─── Source material ───

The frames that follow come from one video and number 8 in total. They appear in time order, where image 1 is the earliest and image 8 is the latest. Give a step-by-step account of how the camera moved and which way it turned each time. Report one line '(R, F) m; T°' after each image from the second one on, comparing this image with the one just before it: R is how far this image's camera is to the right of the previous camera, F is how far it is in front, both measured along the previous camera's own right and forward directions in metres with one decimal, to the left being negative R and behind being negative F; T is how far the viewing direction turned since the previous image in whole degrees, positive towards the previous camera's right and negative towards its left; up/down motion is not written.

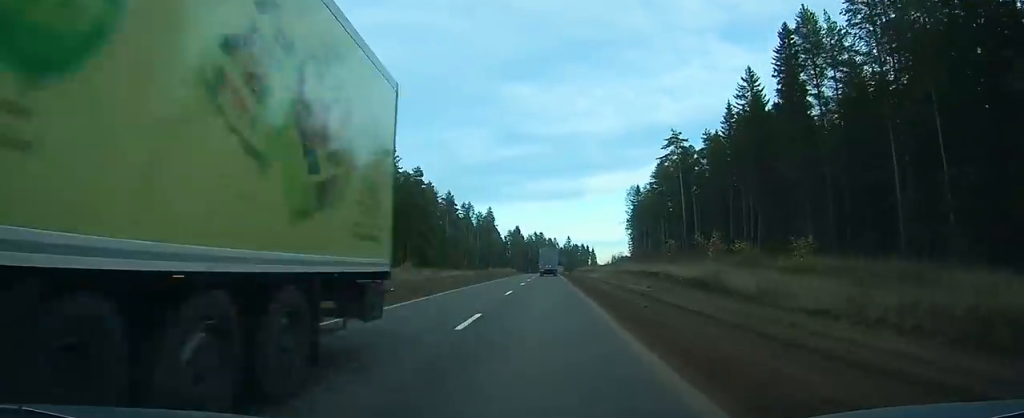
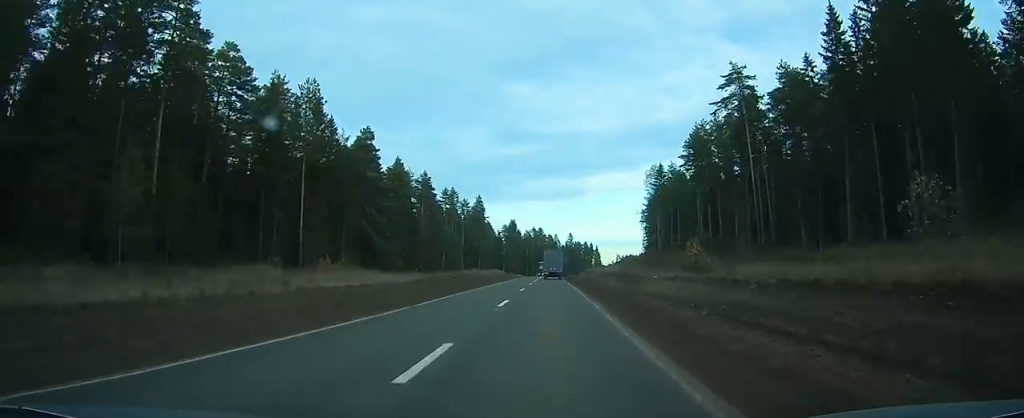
(-0.1, +41.0) m; 0°
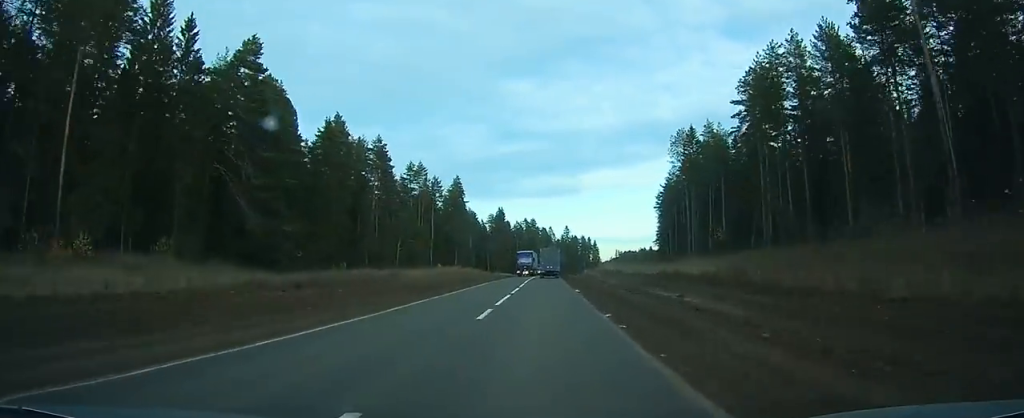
(+0.2, +40.8) m; 0°
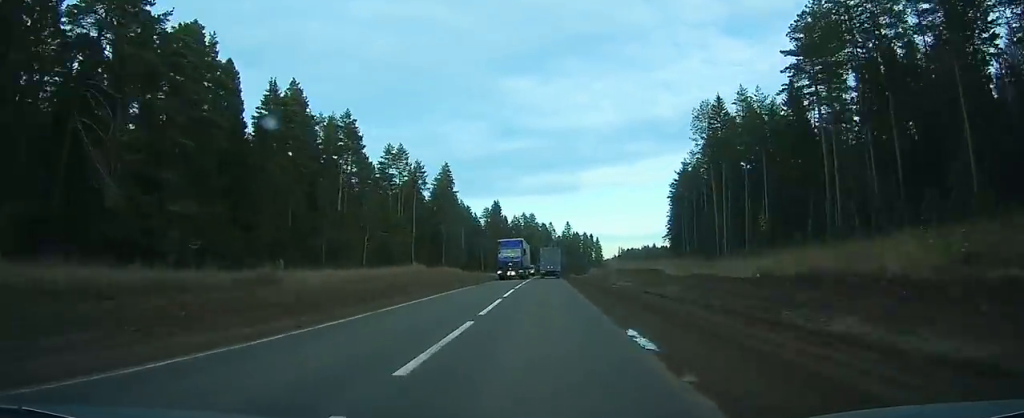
(+0.1, +20.4) m; 0°
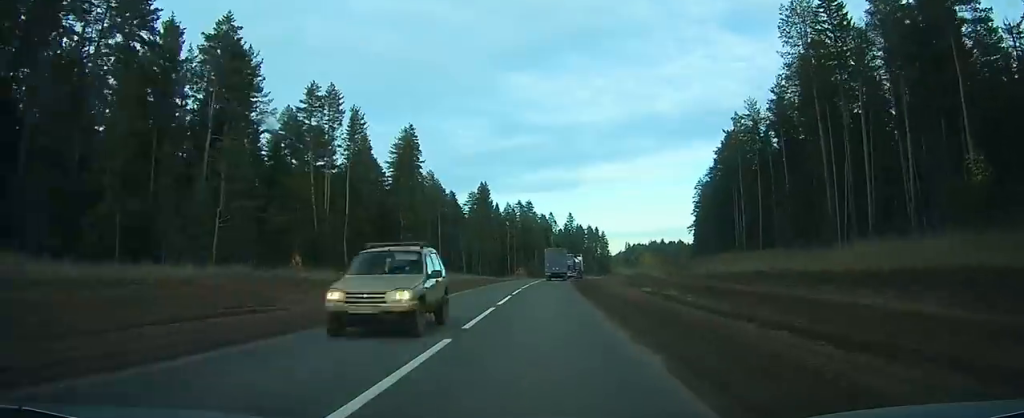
(0.0, +43.3) m; 0°
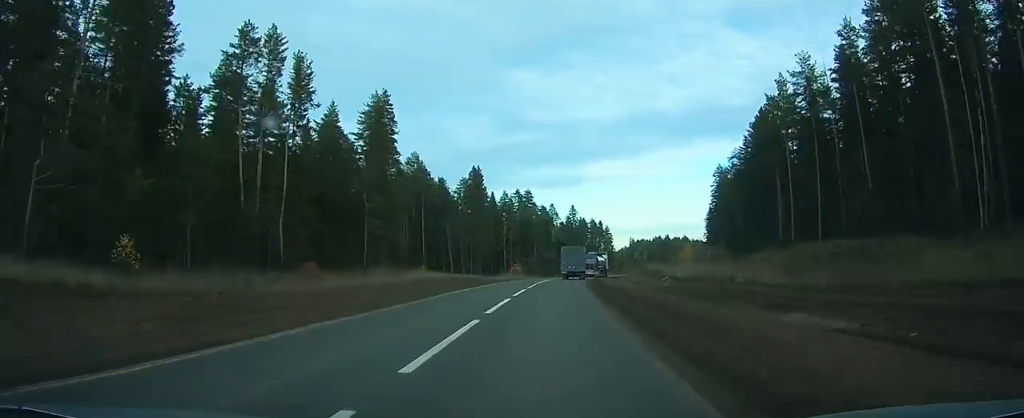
(0.0, +21.3) m; 0°
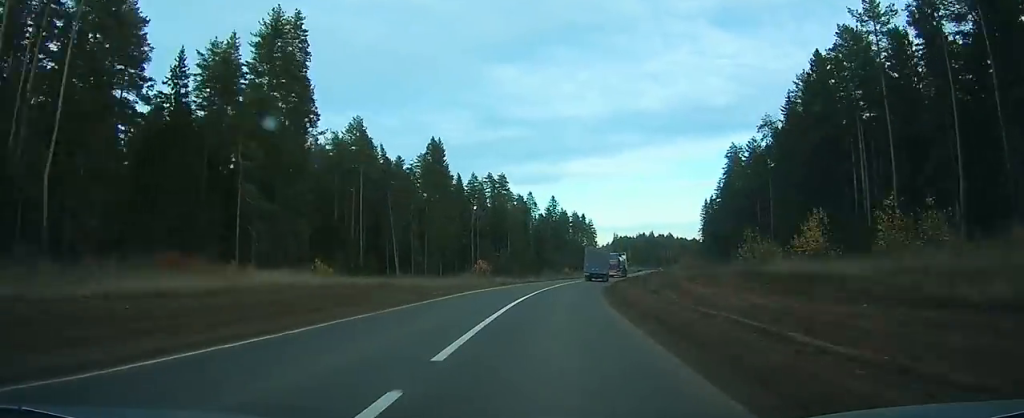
(0.0, +31.9) m; +1°
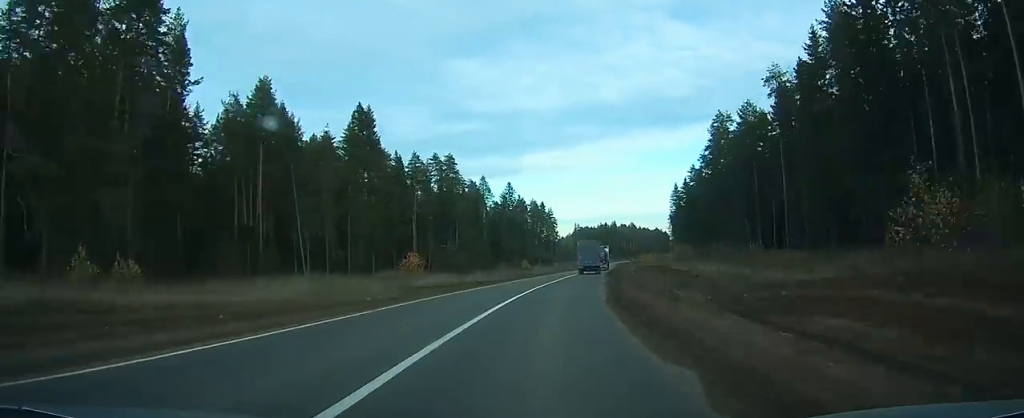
(+0.2, +24.0) m; +2°

───

● Assignment:
Each line above should be printed again exactly, though the pictures should not be.

● Answer to this task:
The frames that follow come from one video and number 8 in total. They appear in time order, where image 1 is the earliest and image 8 is the latest. Give a step-by-step account of how the camera moved and which way it turned each time. Report one line '(R, F) m; T°' after each image from the second one on, comparing this image with the one just before it: R is how far this image's camera is to the right of the previous camera, F is how far it is in front, both measured along the previous camera's own right and forward directions in metres with one decimal, to the left being negative R and behind being negative F; T is how far the viewing direction turned since the previous image in whole degrees, positive towards the previous camera's right and negative towards its left; up/down motion is not written.

(-0.1, +41.0) m; 0°
(+0.2, +40.8) m; 0°
(+0.1, +20.4) m; 0°
(0.0, +43.3) m; 0°
(0.0, +21.3) m; 0°
(0.0, +31.9) m; +1°
(+0.2, +24.0) m; +2°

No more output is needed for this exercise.